Q:先日の礼拝の中で神の息吹に触れ続けるという話が出ていたのですが、私は聖書日課も息吹に触れる行為だと思います。しかしどうしても字面だけ眺めているようなときもあるのですが、だからこそ息吹に触れ続けるためにはどのように取り組めばいいのでしょうか。

A:息吹に触れ続けるということを意志し続けていくことが大切だということを一連の流れの中で語っていた。もう少し細かく取り上げるとしたら、いま聖書日課のことが取り上げられたが、どうやって自らをその所に置いていくかが重要になる。一年で読み終わる計算で一日3章が取り上げられているが、意外と読むのに時間のかかる個所もある。聖言に仕え、祈り、デボーションの時間をとれば、字面を追うような形ではできるものである。だからと言って字面だけ眺めているようならやめようというものでもない。なぜなら、いつ、どのような形で神のメッセージになるかはわからないからである。100受ける中で、100すべてを真っ向から受けていたらやっていられない。そのようなものはたくさんある。だからこそ、そのいくつかのものの中から出会うものがあるのである。御言葉に対する姿勢も、特別何かこの中で心に残ったものを上げなさいと言われたなら上げるというようなものしかないということもあるのである。それは一面生活の中に何の問題もなく過ぎ去っているからなのかもしれない。同時に祈ることも項目的なものは昨日と同じものになりやすい。懸念される問題はあまり変化しない。しかし、本当に何らかの理由で神と本気でコミュニケーションをとってみようと考えたり、何らかの問題に直面したりすると、私たちの祈りや聖書の読み方が変わってくるし、それがまず必要なのである。もちろんそんなときの祈りがお題目のようなものであってはならない。しかし、まったくしないということではなく、少しでもそこに取り組んでいくことで神との交わりや、関わりを持っていくことが必要なのである。神の息吹に触れ続けるのは霊的な営みである。なお取り組んでいってほしい。
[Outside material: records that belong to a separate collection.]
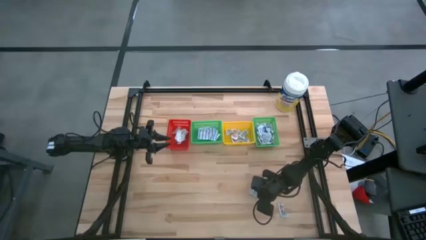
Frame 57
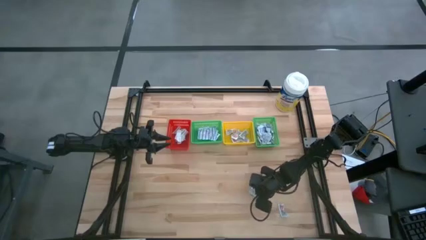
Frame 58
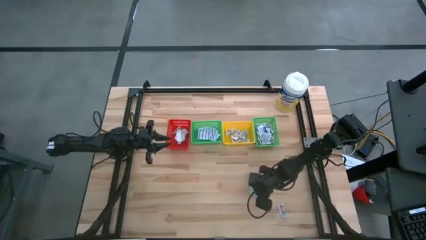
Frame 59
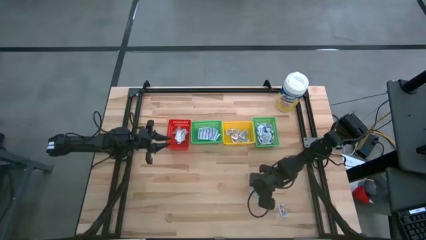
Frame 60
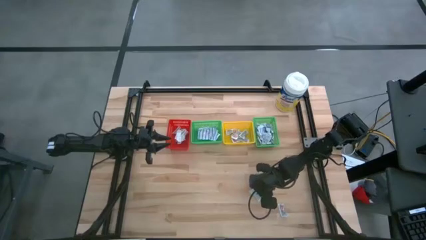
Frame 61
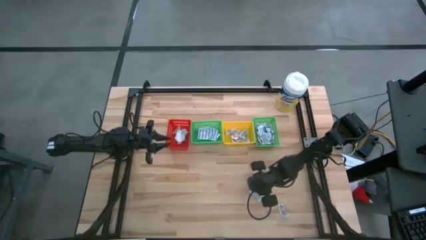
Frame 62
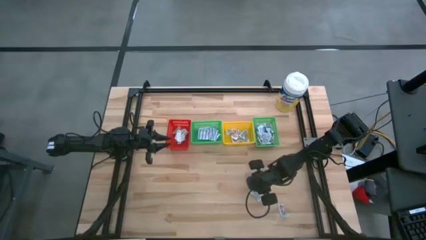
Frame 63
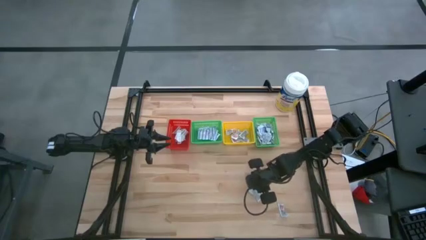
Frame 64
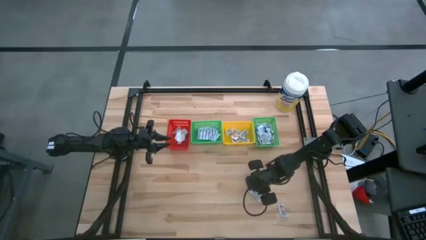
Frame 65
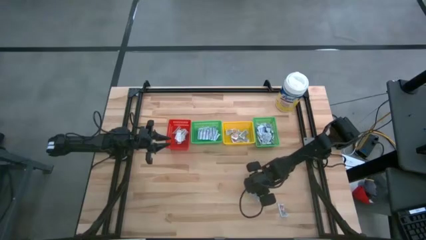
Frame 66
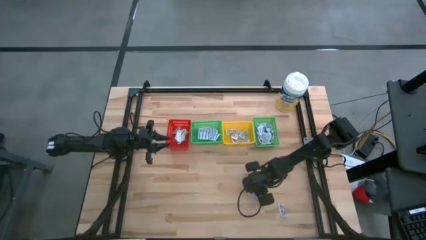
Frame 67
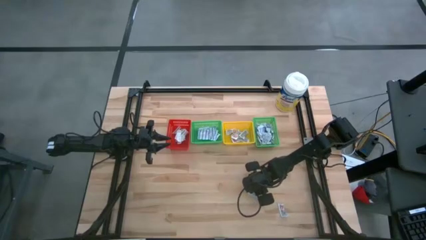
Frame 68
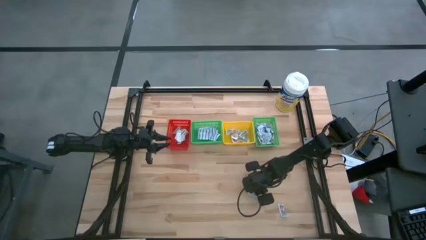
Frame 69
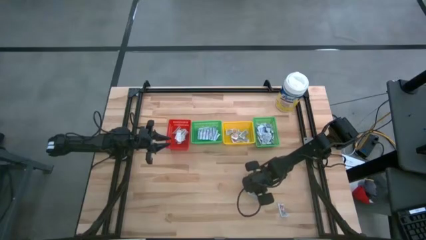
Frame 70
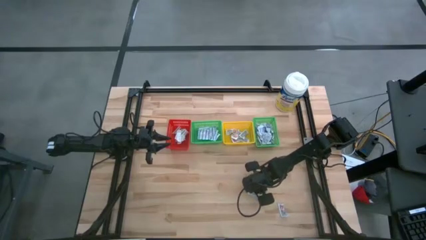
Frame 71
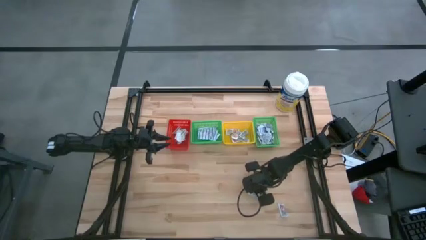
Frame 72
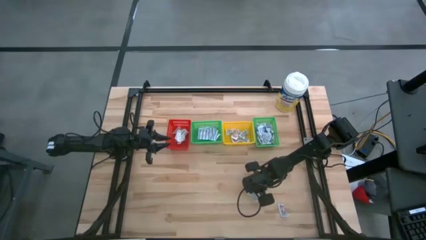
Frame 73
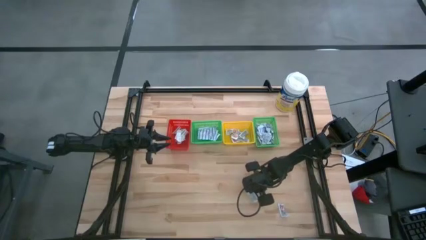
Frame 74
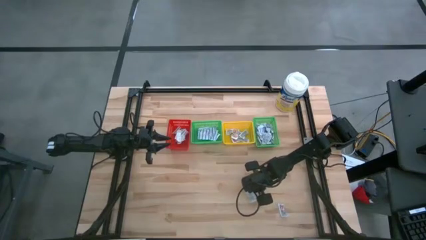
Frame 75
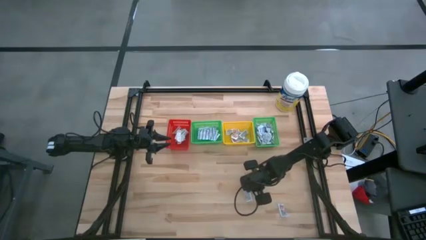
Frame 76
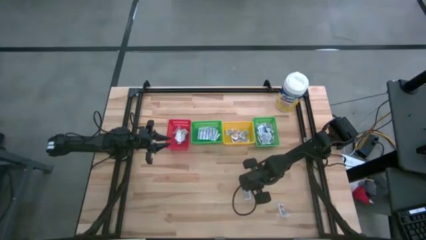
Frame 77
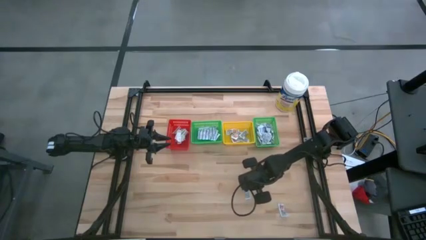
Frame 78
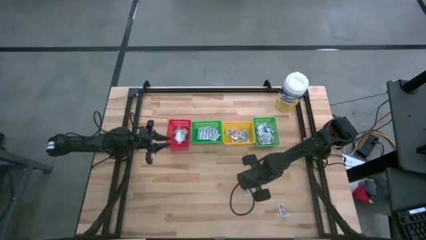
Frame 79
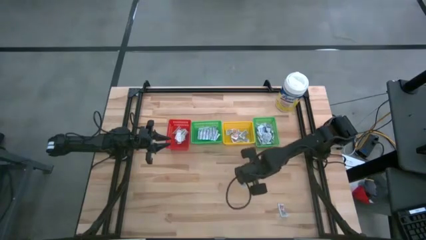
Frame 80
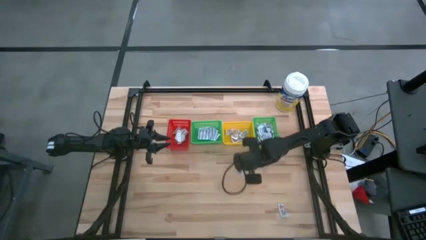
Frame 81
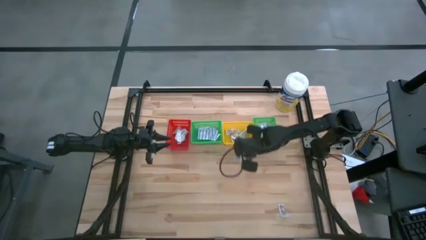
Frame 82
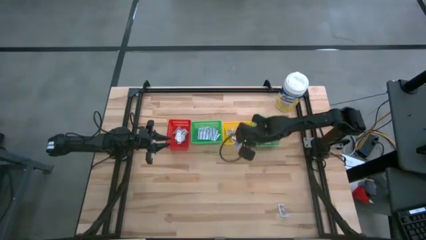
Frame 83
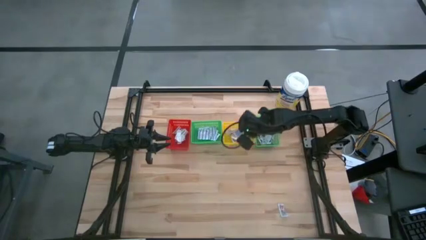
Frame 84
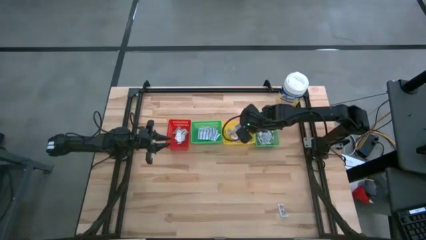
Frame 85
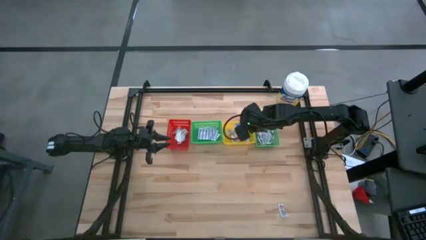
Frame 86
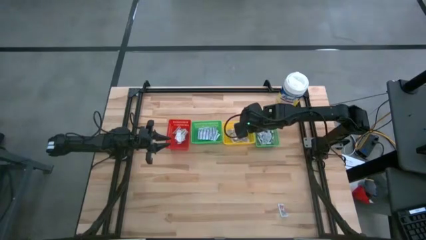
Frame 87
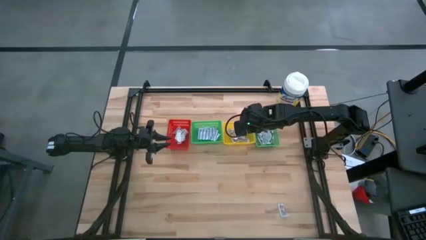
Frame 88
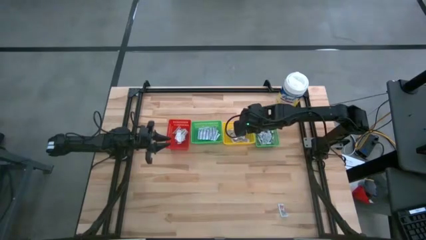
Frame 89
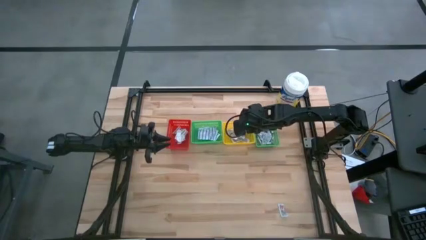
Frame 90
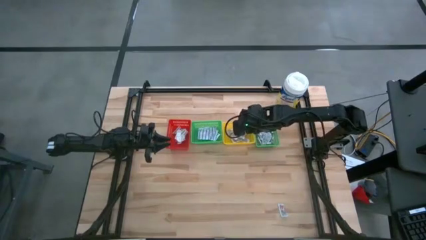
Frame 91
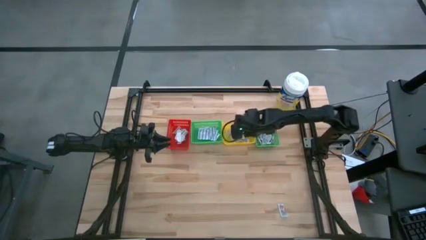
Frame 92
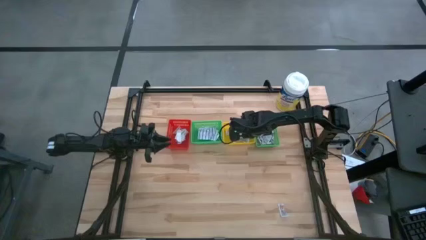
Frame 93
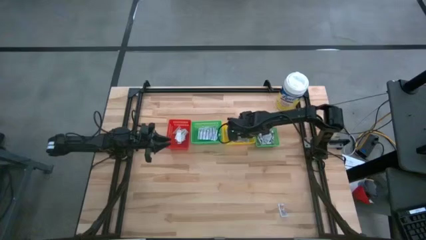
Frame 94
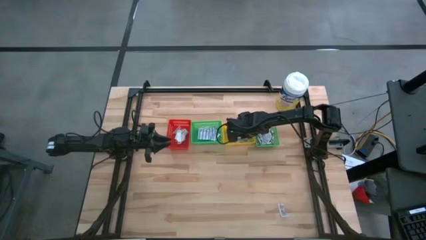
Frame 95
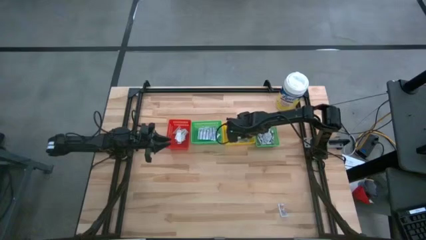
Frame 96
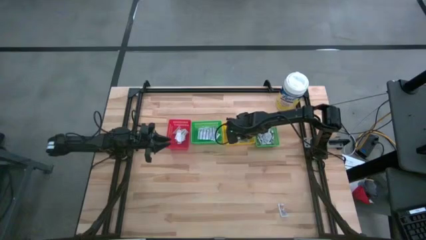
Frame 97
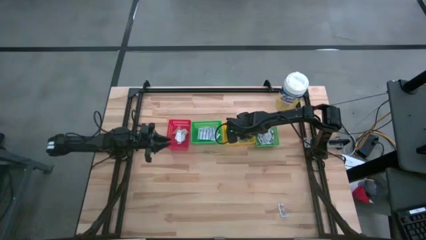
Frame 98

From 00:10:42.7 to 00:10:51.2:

Q:ローマ12章12節の「この世と調子を合わせてはいけません」の「この世」について先日礼拝の中で「この世の営みではなく、贖いがなされていない世界のことである」というような話がなされたのですが、もう少し詳しく教えていただきたいのですが。

A:いろいろな強調の仕方があるが、私はパウロの強調しているところを考え、先日はそのように語った。「この世」とは決してこの世界のすべてや、この世の混沌などをさしてつかわれた言葉ではない。というのも、私たちの世の中に決して悪だけがはびこり、善が全くないわけではない。愛もある。日本なんかは災害などがあると相手のことを考えたり、互いに支えあったりすることなどのやり取りはあるのだ。しかしそのようなことをパウロが語ろうとしているわけではないと思う。というのも彼は決して道徳的なことを語ろうとしているわけではないからである。パウロが語るのはキリスト教信仰とは何かということなのである。神の一方的な憐れみとイエスキリストの贖い、その事実を通して、神がどれだけ私たちを愛してくださっているかということを彼は語っている。神は私たちが神の愛を信じ、その愛に寄り縋っている限り、神は決して私たちを捨てられることはないということが彼の語る私たちキリスト者の信仰なのである。対して「この世」とはそのような信仰を知らない、わからない、たとえ提示されようとも心から信じているわけではないことが普通になっている世界のことを語ったのである。本来それほどまでに愛してくださっている神を私たちは愛し、信じていかなければならない。それにもかかわらず、いつの間にか違うものが入ってきて、「この世」の人々と同じように生きてしまっているということが起こってしまうことに注意していかなければならないことをパウロは語っているのである。イエスキリストの贖いがすでになされていることを信じて生きることが霊的な世界に私たちを生かすことになる。そうであるならば、そこから離れ生きるということは霊的な世界から外れることであり、パウロの語る「この世」に生きるということなのである。イエスキリストが贖いを成されたときから2000年たった現在でさえ、「この世」が「霊的な世」になることはかなっていない。だからこそ、その違いを知る私たちは「この世」と調子を合わせてはいけないのである。
先日の日曜日に語ったことだが私たちは信仰によって量られ、周りの人たちも信仰によって量らなければならない。それはなぜか。わかりやすく考えるならば、私たちが平安を得るためである。人にはそれぞれ自分と人を量るためにある基準をもった物差しがある。しかしその物差しの基準は実はバラバラで、その基盤となるものも確かな形はない。だからこそ、人によっては自分を量り間違え、自分自身を受け入れられなかったり、他人に劣等感を覚えるようになったり、逆におごりや高ぶりを持つゆえに何らかの問題を持つようになる。信仰はそんなぶれてしまう基準を明確にするのである。神の前に人は決して力のある存在ではない。しかし同時に神は私たちをそのままの姿で愛してくださるという事実がある。神を信じ、イエスキリストの贖いを信じる信仰を持つならば、誰しもが神に受け入れられるものとなれるのである。それは他人と比べ悲観的になりそうな自らを受け入れさせ、逆に高ぶってしまう自らを戒めることにつながるのである。それが私たちを平安に導く。そして自らも周りの人も信仰によって量り、受け入れることができるのである。またそれでとどまることではなく、私たちは神の愛に応えようという思いの故に努力と神の愛の支えの中で向上していくことができるのである。それは「この世」にはない「霊的な世」に生きる私たちに与えられるものなのである。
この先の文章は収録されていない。